Start of AVAILABLE DATA
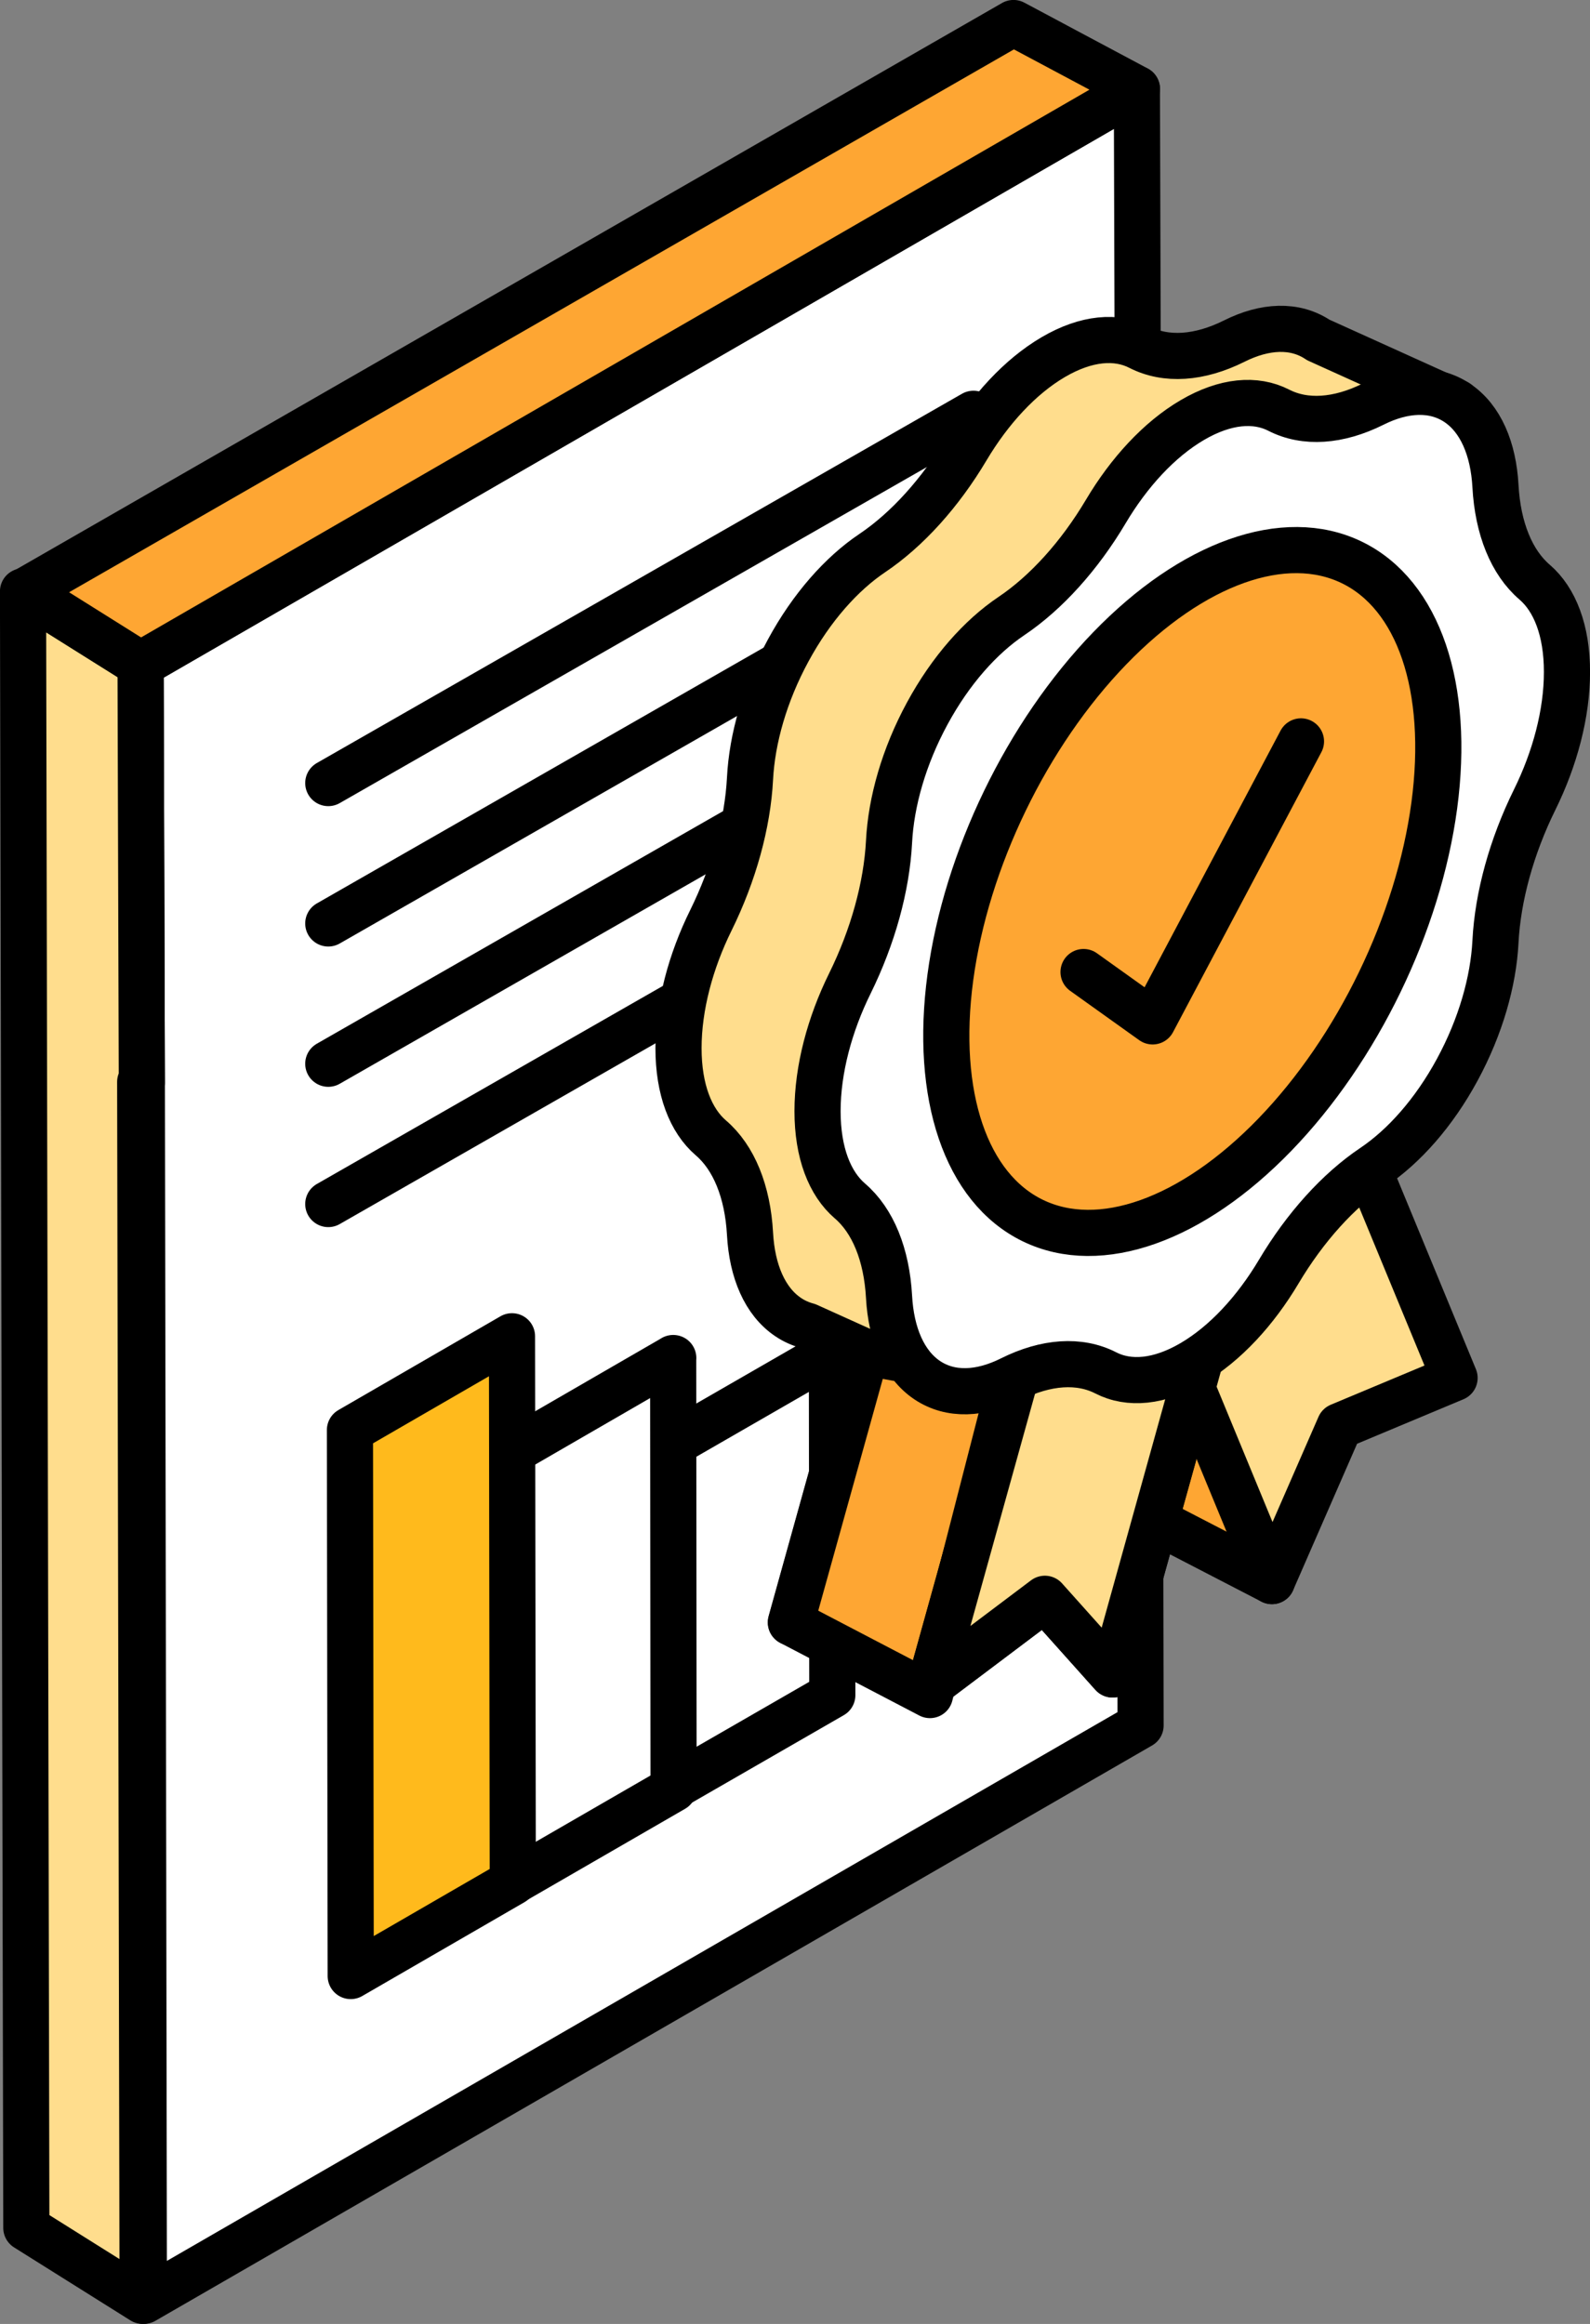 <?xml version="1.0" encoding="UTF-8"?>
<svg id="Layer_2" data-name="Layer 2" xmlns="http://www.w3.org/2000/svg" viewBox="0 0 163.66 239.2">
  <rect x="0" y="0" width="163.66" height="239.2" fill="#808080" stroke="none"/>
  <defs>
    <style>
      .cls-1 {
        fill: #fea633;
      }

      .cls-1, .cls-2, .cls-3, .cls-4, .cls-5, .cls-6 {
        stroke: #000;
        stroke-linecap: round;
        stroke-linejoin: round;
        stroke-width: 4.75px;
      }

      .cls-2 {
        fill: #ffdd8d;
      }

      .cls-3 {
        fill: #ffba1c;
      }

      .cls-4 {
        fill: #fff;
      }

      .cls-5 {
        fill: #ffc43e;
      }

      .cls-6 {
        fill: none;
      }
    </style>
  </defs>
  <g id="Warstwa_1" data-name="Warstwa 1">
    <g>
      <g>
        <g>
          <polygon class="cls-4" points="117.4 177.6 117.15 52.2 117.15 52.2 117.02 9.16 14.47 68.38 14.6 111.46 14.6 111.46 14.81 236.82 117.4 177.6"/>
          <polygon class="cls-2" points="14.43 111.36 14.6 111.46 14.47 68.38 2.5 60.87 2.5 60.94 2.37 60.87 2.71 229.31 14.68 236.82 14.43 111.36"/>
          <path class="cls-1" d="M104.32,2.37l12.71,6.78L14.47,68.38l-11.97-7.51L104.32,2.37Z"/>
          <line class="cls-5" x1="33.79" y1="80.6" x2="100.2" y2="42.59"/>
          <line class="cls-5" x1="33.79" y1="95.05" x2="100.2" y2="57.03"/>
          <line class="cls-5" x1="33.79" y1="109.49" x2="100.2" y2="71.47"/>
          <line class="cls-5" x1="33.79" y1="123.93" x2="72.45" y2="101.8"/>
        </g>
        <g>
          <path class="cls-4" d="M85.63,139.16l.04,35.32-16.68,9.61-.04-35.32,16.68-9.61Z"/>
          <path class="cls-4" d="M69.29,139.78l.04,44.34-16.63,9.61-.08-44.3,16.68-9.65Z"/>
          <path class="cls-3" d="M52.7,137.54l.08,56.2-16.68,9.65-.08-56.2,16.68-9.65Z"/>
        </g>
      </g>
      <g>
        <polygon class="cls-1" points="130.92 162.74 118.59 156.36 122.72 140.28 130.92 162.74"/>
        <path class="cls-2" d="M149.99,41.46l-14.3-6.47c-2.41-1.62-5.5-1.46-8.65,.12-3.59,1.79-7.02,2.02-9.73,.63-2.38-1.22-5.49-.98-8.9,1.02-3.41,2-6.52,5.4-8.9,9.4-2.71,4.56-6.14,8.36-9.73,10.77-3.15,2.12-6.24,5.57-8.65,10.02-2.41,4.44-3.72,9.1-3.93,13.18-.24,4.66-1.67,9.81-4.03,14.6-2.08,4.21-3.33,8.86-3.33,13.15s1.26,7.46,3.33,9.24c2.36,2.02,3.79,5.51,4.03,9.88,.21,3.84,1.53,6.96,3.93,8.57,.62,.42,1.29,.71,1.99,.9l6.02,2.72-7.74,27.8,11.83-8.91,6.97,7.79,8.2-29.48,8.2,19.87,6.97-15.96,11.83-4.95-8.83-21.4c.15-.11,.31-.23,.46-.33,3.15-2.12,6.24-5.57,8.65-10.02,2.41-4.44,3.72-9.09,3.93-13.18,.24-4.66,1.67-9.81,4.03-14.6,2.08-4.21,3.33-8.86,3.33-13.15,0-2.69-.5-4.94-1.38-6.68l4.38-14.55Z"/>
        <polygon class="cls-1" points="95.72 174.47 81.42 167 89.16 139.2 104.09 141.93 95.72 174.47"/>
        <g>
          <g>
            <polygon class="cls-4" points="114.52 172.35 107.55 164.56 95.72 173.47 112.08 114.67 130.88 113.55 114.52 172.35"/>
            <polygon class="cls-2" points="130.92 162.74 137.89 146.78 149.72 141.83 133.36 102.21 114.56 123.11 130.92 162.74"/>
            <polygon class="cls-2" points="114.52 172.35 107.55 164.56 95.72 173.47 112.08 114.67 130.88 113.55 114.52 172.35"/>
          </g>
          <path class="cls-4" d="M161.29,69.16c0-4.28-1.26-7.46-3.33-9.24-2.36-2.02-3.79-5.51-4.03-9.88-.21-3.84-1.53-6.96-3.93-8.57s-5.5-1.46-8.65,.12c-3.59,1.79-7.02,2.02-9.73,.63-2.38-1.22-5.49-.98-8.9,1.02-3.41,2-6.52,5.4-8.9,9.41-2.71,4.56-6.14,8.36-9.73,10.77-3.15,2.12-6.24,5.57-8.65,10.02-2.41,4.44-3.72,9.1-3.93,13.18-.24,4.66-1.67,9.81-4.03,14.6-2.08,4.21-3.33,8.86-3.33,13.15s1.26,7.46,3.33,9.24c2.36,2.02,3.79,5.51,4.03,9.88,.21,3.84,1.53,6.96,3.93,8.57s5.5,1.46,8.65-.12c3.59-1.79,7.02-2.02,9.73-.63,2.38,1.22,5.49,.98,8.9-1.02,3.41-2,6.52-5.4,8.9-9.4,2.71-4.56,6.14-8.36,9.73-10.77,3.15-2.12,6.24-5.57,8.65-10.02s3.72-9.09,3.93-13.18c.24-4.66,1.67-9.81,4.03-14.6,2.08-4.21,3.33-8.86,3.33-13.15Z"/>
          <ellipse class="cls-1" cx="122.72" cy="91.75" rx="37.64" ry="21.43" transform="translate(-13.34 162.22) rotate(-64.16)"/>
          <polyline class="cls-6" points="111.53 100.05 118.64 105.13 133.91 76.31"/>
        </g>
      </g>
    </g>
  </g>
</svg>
End of AVAILABLE DATA
REQUIREMENT =>
Reprint the whole listing verbatim except for the pictures.

TASK OUTPUT =>
 <?xml version="1.0" encoding="UTF-8"?>
<svg id="Layer_2" data-name="Layer 2" xmlns="http://www.w3.org/2000/svg" viewBox="0 0 163.66 239.2">
  <rect x="0" y="0" width="163.66" height="239.2" fill="#808080" stroke="none"/>
  <defs>
    <style>
      .cls-1 {
        fill: #fea633;
      }

      .cls-1, .cls-2, .cls-3, .cls-4, .cls-5, .cls-6 {
        stroke: #000;
        stroke-linecap: round;
        stroke-linejoin: round;
        stroke-width: 4.75px;
      }

      .cls-2 {
        fill: #ffdd8d;
      }

      .cls-3 {
        fill: #ffba1c;
      }

      .cls-4 {
        fill: #fff;
      }

      .cls-5 {
        fill: #ffc43e;
      }

      .cls-6 {
        fill: none;
      }
    </style>
  </defs>
  <g id="Warstwa_1" data-name="Warstwa 1">
    <g>
      <g>
        <g>
          <polygon class="cls-4" points="117.4 177.6 117.15 52.2 117.15 52.2 117.02 9.16 14.47 68.38 14.6 111.46 14.6 111.46 14.81 236.82 117.4 177.6"/>
          <polygon class="cls-2" points="14.43 111.36 14.6 111.46 14.47 68.38 2.5 60.87 2.5 60.94 2.37 60.87 2.71 229.31 14.68 236.82 14.43 111.36"/>
          <path class="cls-1" d="M104.32,2.37l12.71,6.78L14.47,68.38l-11.97-7.51L104.32,2.37Z"/>
          <line class="cls-5" x1="33.79" y1="80.6" x2="100.2" y2="42.59"/>
          <line class="cls-5" x1="33.79" y1="95.05" x2="100.2" y2="57.03"/>
          <line class="cls-5" x1="33.79" y1="109.49" x2="100.2" y2="71.47"/>
          <line class="cls-5" x1="33.79" y1="123.93" x2="72.45" y2="101.8"/>
        </g>
        <g>
          <path class="cls-4" d="M85.63,139.16l.04,35.32-16.68,9.61-.04-35.32,16.68-9.61Z"/>
          <path class="cls-4" d="M69.29,139.78l.04,44.34-16.63,9.61-.08-44.3,16.68-9.65Z"/>
          <path class="cls-3" d="M52.7,137.54l.08,56.2-16.68,9.65-.08-56.2,16.68-9.65Z"/>
        </g>
      </g>
      <g>
        <polygon class="cls-1" points="130.92 162.74 118.59 156.36 122.72 140.28 130.92 162.74"/>
        <path class="cls-2" d="M149.99,41.46l-14.3-6.47c-2.41-1.62-5.5-1.46-8.65,.12-3.59,1.79-7.02,2.02-9.73,.63-2.38-1.22-5.49-.98-8.9,1.02-3.41,2-6.52,5.4-8.9,9.4-2.71,4.56-6.14,8.36-9.73,10.77-3.15,2.12-6.24,5.57-8.65,10.02-2.41,4.44-3.72,9.1-3.93,13.18-.24,4.66-1.67,9.81-4.03,14.6-2.08,4.21-3.33,8.86-3.33,13.15s1.26,7.46,3.33,9.24c2.36,2.02,3.79,5.51,4.03,9.88,.21,3.84,1.53,6.96,3.93,8.57,.62,.42,1.29,.71,1.99,.9l6.02,2.72-7.74,27.8,11.83-8.91,6.97,7.79,8.2-29.48,8.2,19.87,6.97-15.96,11.83-4.95-8.83-21.4c.15-.11,.31-.23,.46-.33,3.15-2.12,6.24-5.57,8.65-10.02,2.41-4.44,3.72-9.09,3.93-13.18,.24-4.66,1.67-9.81,4.03-14.6,2.08-4.21,3.33-8.86,3.33-13.15,0-2.69-.5-4.94-1.38-6.68l4.38-14.55Z"/>
        <polygon class="cls-1" points="95.72 174.47 81.42 167 89.16 139.2 104.09 141.93 95.72 174.47"/>
        <g>
          <g>
            <polygon class="cls-4" points="114.52 172.35 107.55 164.56 95.72 173.47 112.08 114.67 130.88 113.55 114.52 172.35"/>
            <polygon class="cls-2" points="130.92 162.74 137.89 146.78 149.72 141.83 133.36 102.21 114.56 123.11 130.92 162.74"/>
            <polygon class="cls-2" points="114.52 172.35 107.55 164.56 95.72 173.47 112.08 114.67 130.88 113.55 114.52 172.35"/>
          </g>
          <path class="cls-4" d="M161.29,69.16c0-4.28-1.26-7.46-3.33-9.24-2.36-2.02-3.79-5.51-4.03-9.88-.21-3.84-1.53-6.96-3.93-8.57s-5.5-1.46-8.65,.12c-3.59,1.79-7.02,2.02-9.73,.63-2.38-1.22-5.49-.98-8.9,1.02-3.41,2-6.52,5.4-8.9,9.41-2.71,4.56-6.14,8.36-9.73,10.77-3.15,2.12-6.24,5.57-8.65,10.02-2.41,4.44-3.72,9.1-3.93,13.18-.24,4.66-1.67,9.81-4.03,14.6-2.08,4.21-3.33,8.86-3.33,13.15s1.26,7.46,3.33,9.24c2.36,2.02,3.79,5.51,4.03,9.88,.21,3.84,1.53,6.96,3.93,8.57s5.5,1.46,8.65-.12c3.59-1.79,7.02-2.02,9.73-.63,2.38,1.22,5.49,.98,8.9-1.02,3.41-2,6.52-5.4,8.9-9.4,2.71-4.56,6.14-8.36,9.73-10.77,3.15-2.12,6.24-5.57,8.65-10.02s3.72-9.09,3.93-13.18c.24-4.66,1.67-9.81,4.03-14.6,2.08-4.21,3.33-8.86,3.33-13.15Z"/>
          <ellipse class="cls-1" cx="122.72" cy="91.75" rx="37.64" ry="21.43" transform="translate(-13.34 162.22) rotate(-64.16)"/>
          <polyline class="cls-6" points="111.53 100.05 118.64 105.13 133.91 76.31"/>
        </g>
      </g>
    </g>
  </g>
</svg>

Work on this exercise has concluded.